The first predictive model we use is an LSTM-based sequence model designed to
capture temporal structure in mobility flows. Each input sample is a
fixed-length sequence containing `SEQ_LEN` consecutive half-hour records for a
single grid cell. Each record has the full feature vector consisting of the
flow value, POI-based attributes, and the time-encoding variables.

The LSTM processes these sequences one time step at a time. As it moves through
the eight input steps, it maintains a hidden state that summarizes the
information accumulated so far. After the final time step, the hidden state
represents the model’s understanding of the recent history of the cell.

To make a prediction, we take this final hidden state and feed it into a
fully connected layer that outputs a single value: the predicted next-step
flow. This structure allows the model to learn temporal dependencies,
non-linear feature interactions, and recurring movement patterns across days.

The LSTM used here has:
- batch-first input format,
- a hidden size of 64,
- two stacked recurrent layers,
- and a final linear layer that maps the hidden representation into a scalar
  prediction.

The model is trained end-to-end with the Adam optimizer and mean squared error
as the loss function.


In [None]:
import torch
from torch import nn

input_dim = len(feature_cols)
hidden_dim = 64
num_layers = 2

class FlowLSTM(nn.Module):
    def __init__(self, input_dim, hidden_dim=64, num_layers=2):
        super().__init__()
        self.lstm = nn.LSTM(
            input_size=input_dim,
            hidden_size=hidden_dim,
            num_layers=num_layers,
            batch_first=True
        )
        self.fc = nn.Linear(hidden_dim, 1)

    def forward(self, x):
        # x: [B, L, F]
        out, _ = self.lstm(x)        
        last_hidden = out[:, -1, :]   
        y_pred = self.fc(last_hidden)  
        return y_pred.squeeze(-1)     


class LinearSeqModel(nn.Module):
    def __init__(self, input_dim, seq_len):
        super().__init__()
        self.seq_len = seq_len
        self.fc = nn.Linear(input_dim * seq_len, 1)

    def forward(self, x):
        # x: [B, L, F]
        B, L, F = x.shape
        x_flat = x.reshape(B, L * F)  
        y_pred = self.fc(x_flat)       
        return y_pred.squeeze(-1)     


#### 4.2 Linear sequence baseline

To provide a simple point of comparison, we also include a linear baseline
model. Instead of using a recurrent structure, this model treats the entire
input sequence as a single flat vector. All `SEQ_LEN` feature rows are
concatenated into one long input, and the model applies a single fully
connected layer to map this vector directly to a predicted next-step flow.

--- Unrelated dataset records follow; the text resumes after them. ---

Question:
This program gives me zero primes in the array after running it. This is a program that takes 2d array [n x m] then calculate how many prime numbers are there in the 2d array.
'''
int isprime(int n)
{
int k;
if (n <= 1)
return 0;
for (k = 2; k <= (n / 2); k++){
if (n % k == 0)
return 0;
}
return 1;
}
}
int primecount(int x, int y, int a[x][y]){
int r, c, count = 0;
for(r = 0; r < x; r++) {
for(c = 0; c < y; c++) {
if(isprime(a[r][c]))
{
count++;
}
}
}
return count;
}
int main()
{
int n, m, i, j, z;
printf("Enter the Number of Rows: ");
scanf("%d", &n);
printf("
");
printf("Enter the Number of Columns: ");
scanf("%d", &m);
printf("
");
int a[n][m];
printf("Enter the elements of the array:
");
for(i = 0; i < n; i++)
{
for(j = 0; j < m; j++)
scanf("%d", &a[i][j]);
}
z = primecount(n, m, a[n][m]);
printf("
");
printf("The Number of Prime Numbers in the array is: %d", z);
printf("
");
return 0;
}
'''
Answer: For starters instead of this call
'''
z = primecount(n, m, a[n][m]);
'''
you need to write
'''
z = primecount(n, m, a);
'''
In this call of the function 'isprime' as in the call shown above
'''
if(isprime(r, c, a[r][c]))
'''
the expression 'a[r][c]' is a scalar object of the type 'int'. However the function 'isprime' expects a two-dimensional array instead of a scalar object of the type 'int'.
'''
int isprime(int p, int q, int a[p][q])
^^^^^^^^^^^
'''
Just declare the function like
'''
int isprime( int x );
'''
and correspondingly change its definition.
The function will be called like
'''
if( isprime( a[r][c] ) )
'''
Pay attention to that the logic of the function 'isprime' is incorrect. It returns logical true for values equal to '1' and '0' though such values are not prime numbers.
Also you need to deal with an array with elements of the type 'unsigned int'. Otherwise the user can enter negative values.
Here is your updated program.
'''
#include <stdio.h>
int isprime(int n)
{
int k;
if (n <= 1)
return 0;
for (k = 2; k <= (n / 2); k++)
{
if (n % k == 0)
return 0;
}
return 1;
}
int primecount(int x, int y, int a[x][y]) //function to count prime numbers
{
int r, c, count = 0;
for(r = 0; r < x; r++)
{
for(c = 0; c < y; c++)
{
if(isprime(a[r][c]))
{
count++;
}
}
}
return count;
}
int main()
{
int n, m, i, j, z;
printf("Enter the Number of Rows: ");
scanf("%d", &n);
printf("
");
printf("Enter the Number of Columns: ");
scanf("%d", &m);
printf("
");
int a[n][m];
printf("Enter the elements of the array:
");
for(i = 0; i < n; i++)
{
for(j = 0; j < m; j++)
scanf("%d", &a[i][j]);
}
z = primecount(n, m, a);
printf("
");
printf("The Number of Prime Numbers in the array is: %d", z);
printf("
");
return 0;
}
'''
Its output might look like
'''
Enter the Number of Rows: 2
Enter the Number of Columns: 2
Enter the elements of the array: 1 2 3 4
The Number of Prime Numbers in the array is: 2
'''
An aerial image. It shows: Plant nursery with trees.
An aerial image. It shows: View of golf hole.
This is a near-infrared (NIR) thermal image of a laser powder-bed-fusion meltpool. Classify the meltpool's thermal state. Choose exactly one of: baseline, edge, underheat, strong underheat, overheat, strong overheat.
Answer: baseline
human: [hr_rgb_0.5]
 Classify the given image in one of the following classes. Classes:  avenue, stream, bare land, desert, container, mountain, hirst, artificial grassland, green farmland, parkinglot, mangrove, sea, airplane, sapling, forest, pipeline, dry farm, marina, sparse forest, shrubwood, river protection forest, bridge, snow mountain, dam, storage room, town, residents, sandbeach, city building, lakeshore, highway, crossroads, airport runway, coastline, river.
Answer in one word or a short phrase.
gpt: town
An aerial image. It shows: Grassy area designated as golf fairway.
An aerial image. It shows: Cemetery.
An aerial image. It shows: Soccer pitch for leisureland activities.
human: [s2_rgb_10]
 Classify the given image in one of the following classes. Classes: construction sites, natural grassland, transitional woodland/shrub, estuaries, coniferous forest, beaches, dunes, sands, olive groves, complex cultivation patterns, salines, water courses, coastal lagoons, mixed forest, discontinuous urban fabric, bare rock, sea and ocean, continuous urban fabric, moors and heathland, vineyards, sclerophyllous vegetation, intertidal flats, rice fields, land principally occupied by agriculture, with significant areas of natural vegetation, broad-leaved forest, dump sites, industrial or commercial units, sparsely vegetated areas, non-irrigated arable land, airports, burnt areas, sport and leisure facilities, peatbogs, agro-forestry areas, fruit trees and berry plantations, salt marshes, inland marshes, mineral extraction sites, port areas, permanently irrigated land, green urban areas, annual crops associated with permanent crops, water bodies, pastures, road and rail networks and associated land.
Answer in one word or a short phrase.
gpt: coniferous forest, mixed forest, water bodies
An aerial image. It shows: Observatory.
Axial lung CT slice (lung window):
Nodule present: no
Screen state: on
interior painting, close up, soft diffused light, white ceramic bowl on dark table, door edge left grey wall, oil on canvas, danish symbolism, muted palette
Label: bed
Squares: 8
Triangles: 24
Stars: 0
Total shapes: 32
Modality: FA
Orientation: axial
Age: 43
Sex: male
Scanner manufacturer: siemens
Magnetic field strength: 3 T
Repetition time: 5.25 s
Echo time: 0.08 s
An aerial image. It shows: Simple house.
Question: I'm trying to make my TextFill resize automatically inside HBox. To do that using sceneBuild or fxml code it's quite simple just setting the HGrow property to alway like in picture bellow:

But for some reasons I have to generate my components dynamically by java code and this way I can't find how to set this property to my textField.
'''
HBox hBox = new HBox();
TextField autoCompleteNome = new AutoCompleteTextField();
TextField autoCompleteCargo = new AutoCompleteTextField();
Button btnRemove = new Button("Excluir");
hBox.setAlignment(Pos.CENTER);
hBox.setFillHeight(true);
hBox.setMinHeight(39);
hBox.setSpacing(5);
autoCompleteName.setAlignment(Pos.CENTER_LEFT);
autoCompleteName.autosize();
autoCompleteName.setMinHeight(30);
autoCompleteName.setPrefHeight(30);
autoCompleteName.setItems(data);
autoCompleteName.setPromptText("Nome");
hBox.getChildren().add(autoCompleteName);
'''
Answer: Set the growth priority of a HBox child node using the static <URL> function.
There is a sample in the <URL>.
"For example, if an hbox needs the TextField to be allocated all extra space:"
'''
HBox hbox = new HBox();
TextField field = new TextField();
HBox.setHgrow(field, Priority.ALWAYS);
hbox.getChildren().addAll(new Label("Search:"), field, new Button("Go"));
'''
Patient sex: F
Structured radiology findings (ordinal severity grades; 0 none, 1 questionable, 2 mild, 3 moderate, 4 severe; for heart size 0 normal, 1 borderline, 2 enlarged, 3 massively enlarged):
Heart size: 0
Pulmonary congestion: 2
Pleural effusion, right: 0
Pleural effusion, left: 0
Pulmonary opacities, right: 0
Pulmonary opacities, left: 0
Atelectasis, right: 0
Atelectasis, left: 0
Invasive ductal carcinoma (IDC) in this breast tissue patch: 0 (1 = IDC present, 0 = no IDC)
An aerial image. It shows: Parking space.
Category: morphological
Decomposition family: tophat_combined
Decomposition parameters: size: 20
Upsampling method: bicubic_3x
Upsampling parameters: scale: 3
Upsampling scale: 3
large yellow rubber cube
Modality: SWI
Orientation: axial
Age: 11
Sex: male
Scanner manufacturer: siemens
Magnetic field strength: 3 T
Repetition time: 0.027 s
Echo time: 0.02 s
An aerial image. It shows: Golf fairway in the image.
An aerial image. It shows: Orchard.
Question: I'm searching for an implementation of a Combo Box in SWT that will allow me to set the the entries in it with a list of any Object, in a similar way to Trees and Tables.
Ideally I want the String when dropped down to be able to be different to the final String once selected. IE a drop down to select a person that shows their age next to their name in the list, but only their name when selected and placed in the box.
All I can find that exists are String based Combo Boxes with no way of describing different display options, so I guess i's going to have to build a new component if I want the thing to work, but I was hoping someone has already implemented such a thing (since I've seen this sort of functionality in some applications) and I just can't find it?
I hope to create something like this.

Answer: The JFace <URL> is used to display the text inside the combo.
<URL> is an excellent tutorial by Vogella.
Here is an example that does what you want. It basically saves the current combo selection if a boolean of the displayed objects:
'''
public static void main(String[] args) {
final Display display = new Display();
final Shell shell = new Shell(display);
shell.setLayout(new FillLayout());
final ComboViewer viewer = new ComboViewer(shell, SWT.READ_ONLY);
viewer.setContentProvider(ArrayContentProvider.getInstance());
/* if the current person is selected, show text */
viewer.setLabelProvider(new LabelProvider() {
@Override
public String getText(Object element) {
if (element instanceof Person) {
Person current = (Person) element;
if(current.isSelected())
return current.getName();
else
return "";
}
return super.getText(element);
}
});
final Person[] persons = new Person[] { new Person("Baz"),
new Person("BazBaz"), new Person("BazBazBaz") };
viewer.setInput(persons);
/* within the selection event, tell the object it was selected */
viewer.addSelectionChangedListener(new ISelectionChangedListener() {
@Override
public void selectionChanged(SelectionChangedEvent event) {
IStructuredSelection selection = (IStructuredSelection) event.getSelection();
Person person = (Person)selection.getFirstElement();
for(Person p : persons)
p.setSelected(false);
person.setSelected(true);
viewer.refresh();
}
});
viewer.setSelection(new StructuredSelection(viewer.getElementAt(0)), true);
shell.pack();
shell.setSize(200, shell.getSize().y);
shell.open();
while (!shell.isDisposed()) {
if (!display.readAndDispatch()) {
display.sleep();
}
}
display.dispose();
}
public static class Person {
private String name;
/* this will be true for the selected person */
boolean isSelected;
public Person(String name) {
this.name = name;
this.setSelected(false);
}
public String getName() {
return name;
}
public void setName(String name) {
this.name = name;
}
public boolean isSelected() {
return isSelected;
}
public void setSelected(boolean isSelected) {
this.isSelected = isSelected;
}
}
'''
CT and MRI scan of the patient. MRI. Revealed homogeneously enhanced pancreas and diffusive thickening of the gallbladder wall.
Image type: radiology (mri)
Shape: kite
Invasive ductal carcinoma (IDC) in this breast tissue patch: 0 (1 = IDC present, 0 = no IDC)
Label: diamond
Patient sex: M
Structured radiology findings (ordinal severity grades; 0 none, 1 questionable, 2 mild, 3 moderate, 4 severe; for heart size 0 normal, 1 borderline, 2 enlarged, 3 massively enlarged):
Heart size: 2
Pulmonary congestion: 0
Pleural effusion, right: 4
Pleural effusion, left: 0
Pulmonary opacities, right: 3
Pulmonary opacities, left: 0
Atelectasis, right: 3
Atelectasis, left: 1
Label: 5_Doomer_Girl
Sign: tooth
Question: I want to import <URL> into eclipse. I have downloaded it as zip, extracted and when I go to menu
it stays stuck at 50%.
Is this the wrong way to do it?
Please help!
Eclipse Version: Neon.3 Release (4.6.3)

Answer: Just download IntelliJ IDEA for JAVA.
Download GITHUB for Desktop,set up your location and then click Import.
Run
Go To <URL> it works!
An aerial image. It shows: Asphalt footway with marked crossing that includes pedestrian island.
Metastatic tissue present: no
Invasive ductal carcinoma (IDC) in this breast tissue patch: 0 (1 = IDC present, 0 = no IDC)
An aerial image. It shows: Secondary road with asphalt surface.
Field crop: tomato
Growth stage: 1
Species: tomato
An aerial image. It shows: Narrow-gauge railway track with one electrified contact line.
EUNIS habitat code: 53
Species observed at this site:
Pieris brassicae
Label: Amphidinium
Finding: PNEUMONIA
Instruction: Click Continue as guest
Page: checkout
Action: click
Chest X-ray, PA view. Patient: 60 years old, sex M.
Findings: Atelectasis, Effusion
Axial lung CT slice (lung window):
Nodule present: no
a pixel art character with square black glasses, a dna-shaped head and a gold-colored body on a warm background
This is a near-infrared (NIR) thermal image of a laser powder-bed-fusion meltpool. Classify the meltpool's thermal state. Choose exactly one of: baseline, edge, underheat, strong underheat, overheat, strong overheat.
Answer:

This baseline has no notion of temporal order or temporal dependency. It can
only learn a weighted combination of the raw features but cannot model how
patterns evolve over time. As a result, it serves as a useful reference for
evaluating whether the LSTM’s recurrent structure truly provides additional
predictive power.

Despite its simplicity, the linear model is fast to train and helps quantify
the value of incorporating temporal dynamics into the prediction task.


In [None]:
device = torch.device("cuda" if torch.cuda.is_available() else "cpu")
print("Device:", device)

input_dim = len(feature_cols)
hidden_dim = 64
num_layers = 2

class FlowLSTM(nn.Module):
    def __init__(self, input_dim, hidden_dim=64, num_layers=2):
        super().__init__()
        self.lstm = nn.LSTM(
            input_size=input_dim,
            hidden_size=hidden_dim,
            num_layers=num_layers,
            batch_first=True
        )
        self.fc = nn.Linear(hidden_dim, 1)

    def forward(self, x):
        # x: [B, L, F]
        out, _ = self.lstm(x)          # out: [B, L, H]
        last_hidden = out[:, -1, :]    # [B, H] -> last time step
        y_pred = self.fc(last_hidden)  # [B, 1]
        return y_pred.squeeze(-1)      # [B]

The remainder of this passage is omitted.